Но, конечно, его интерес к предзнаменованиям носил отнюдь не философский характер, а диктовался в первую очередь суеверием и душевным дискомфортом, что проявлялось в ночных кошмарах — «частых, страшных и несбывчивых» (Светоний, XCI), которые особенно мучили его весной и которыми он ни с кем не делился. Складывается впечатление, что ему приходилось жить в постоянном напряжении, скрывая свои душевные тревоги и физические недомогания под маской спокойной силы.
О каком покое могла идти речь, если каждая окружающая мелочь казалась ему исполненной глубокого смысла! Если утром ему случалось спросонья обуться не на ту ногу, он считал это зловещим предзнаменованием. Он никогда не пускался в дорогу назавтра после базарного дня, потому что это был девятый день месяца, а именно на девятый день справляли погребальный обряд по умершим. Ни одно серьезное дело он не начинал в ноны [138] , потому что форма слова «ноны» (nonae) в аблятиве [139] звучала как nonis, что можно было прочитать и как non-is, то есть «не пойдешь». Самое удивительное, что он нисколько не стремился скрыть от окружающих этой своей веры в приметы, более приличной маленькому ребенку или простолюдину, и, например, часто обсуждал свои страхи с Тиберием, который, похоже, полностью разделял его суеверия.
138
Римский месяц имел всего три числа: Календы — первое число (отсюда наше слово календарь); ноны — 5-е или 7-е; Иды — 13 или 15 (это зависело от длины месяца). Все остальные числа образовывались путем отсчета от данных. Например: за два дня до июньских нон и т. д. — Прим. ред.
139
Ablativus — латинский падеж, более всего соответствующий русскому творительному. — Прим. ред.

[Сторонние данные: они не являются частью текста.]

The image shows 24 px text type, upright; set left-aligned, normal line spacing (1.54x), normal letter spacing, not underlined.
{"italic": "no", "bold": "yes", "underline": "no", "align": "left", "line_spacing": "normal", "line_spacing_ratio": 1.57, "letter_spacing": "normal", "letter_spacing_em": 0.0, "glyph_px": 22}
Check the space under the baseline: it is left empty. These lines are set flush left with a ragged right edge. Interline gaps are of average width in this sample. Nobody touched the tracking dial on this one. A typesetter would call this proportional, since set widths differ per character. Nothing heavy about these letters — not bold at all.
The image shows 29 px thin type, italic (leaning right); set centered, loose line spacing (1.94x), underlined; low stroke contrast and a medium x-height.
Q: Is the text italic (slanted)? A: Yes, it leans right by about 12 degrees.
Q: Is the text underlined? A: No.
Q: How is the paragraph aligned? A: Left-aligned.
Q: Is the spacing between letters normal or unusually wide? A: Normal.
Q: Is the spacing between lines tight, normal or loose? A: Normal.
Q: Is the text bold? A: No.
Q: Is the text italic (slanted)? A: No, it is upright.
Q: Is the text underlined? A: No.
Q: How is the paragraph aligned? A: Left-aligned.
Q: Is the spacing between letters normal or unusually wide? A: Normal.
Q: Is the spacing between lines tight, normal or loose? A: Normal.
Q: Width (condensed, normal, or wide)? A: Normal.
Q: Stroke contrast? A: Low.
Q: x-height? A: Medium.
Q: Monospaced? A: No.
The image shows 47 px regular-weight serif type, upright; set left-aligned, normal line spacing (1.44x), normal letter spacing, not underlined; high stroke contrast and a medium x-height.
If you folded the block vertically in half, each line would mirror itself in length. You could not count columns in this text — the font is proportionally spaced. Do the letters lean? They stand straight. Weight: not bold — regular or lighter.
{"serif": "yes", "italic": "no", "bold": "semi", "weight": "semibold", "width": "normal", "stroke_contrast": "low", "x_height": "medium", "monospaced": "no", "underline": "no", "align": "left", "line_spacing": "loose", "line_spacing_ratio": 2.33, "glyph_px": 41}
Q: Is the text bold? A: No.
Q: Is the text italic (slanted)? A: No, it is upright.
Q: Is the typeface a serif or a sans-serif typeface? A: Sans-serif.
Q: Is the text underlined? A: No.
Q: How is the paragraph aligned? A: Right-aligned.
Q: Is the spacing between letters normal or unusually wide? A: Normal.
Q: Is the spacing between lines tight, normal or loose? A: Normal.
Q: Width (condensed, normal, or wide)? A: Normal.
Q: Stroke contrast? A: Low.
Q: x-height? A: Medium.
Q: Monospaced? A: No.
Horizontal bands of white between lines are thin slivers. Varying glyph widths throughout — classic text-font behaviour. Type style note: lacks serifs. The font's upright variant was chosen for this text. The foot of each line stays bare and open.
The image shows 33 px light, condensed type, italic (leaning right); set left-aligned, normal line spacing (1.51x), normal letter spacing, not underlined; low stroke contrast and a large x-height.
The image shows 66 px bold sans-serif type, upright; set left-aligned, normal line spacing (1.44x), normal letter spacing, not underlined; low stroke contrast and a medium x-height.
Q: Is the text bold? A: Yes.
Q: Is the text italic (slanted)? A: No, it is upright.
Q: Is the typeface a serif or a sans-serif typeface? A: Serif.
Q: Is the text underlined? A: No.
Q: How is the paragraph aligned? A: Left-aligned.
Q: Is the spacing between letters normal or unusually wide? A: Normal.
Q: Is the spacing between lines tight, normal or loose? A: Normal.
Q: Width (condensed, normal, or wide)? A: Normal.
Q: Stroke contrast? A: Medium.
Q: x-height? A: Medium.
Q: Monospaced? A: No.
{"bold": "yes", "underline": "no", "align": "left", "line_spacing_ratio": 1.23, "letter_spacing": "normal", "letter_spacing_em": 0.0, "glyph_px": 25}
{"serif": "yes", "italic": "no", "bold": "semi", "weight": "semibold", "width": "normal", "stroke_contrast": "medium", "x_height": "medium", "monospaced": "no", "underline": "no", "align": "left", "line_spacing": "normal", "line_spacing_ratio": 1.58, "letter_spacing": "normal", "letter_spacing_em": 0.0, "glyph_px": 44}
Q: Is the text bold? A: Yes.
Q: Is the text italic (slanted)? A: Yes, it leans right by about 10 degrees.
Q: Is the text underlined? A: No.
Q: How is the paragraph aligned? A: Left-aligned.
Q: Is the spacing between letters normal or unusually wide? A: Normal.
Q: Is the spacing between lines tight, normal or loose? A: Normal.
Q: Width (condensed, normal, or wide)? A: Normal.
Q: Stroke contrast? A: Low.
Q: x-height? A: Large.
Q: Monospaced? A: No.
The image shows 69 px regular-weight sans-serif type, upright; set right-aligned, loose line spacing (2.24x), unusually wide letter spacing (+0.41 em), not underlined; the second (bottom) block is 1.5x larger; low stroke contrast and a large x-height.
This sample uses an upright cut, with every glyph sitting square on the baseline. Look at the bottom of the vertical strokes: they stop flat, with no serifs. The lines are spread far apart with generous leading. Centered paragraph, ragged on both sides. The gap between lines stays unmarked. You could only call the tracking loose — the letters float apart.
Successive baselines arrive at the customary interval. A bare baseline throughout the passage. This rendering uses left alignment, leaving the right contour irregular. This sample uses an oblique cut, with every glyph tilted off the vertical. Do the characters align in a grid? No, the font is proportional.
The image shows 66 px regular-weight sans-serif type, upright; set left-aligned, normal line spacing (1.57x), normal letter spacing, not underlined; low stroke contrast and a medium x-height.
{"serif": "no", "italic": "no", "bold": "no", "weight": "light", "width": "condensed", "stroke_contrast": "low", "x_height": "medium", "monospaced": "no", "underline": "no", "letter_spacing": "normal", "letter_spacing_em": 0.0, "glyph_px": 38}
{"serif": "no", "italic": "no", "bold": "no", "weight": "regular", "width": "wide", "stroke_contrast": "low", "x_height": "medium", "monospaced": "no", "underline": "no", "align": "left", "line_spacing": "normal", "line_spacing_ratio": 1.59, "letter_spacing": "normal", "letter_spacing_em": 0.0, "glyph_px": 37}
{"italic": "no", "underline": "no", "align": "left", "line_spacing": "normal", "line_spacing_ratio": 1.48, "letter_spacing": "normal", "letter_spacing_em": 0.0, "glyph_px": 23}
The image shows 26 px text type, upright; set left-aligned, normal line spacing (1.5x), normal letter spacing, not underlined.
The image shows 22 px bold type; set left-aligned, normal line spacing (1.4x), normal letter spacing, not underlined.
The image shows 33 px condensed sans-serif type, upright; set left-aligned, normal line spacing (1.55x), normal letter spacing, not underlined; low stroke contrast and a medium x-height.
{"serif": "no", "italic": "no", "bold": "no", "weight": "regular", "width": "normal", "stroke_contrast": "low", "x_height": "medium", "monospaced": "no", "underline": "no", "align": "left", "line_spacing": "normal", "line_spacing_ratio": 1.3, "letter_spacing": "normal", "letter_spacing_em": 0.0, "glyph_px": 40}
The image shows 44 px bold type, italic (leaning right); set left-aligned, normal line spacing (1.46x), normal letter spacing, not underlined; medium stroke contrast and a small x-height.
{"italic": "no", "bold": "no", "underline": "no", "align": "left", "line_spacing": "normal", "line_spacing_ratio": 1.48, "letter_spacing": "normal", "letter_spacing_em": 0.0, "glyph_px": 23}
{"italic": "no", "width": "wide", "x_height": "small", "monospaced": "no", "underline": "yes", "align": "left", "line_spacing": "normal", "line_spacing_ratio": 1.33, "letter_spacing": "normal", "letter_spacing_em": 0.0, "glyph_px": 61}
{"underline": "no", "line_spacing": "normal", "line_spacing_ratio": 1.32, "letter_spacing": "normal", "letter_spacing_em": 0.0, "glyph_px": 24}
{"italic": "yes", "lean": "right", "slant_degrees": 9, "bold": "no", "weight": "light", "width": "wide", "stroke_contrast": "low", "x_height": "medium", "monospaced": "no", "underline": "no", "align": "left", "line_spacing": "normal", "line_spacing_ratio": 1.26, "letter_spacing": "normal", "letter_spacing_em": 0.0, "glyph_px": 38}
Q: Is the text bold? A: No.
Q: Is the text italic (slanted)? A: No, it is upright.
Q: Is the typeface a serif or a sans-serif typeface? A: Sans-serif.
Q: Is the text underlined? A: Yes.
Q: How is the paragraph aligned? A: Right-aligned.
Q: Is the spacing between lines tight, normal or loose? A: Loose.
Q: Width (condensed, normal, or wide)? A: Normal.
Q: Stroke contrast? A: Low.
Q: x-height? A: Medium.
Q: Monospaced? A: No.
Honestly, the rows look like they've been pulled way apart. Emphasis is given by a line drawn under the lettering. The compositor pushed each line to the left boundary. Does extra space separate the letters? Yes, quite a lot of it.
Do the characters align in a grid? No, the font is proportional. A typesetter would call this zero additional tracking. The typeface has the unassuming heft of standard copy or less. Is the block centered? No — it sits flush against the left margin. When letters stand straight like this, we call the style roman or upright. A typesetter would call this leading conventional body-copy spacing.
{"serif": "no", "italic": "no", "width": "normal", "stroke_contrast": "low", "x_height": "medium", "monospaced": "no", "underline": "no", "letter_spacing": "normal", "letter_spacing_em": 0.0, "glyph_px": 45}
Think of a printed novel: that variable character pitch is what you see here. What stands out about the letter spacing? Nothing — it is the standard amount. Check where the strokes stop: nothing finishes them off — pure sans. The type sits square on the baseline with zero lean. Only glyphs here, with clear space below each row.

Впрочем, люди той эпохи отличались доверчивостью, и, например, из «Естественной истории» Плиния Старшего мы узнаем о множестве удивительных вещей — mirabilia, в существовании которых никто из древних даже не сомневался. Так, некий служивший в Галлии легат вполне серьезно писал Августу, что на морском побережье нашли нескольких мертвых нереид, то есть сирен, все тело которых покрывала чешуя [140] . Чрезвычайной популярностью пользовались также всякие красочные истории, за которыми угадывались таинственные силы природы — вроде приводимого Меценатом рассказа о мальчике, приручившем дельфина. Дельфин жил в Лукринском озере, куда его специально запустили, и мальчик часто приходил на берег озера, бросал дельфину кусочки хлеба и дал ему имя Симон. Вскоре животное настолько привыкло к ребенку, что отзывалось на его голос. Дельфин подставлял мальчику спину и катал его на себе от Байев до Путеол. Так продолжалось много лет, пока мальчик не умер. Дельфин, охваченный тоской, не надолго пережил своего друга и скончался вскоре после его смерти [141] . Действительно, мир, окружавший человека того времени, таил в себе слишком много загадок, в которых терялось самое смелое воображение. Люди Древнего Рима смутно подозревали, что на свете существуют силы, природа которых им неизвестна, и часто поддавались искушению объяснить непонятное присутствием богов. И ничто не могло помешать им верить в чудеса.
140
Плиний Старший. Естественная история, IX, 4, 1.
141
Плиний Старший. Естественная история, IX, 4, 8. В этом рассказе современные зоологи не сомневаются. — Прим. ред.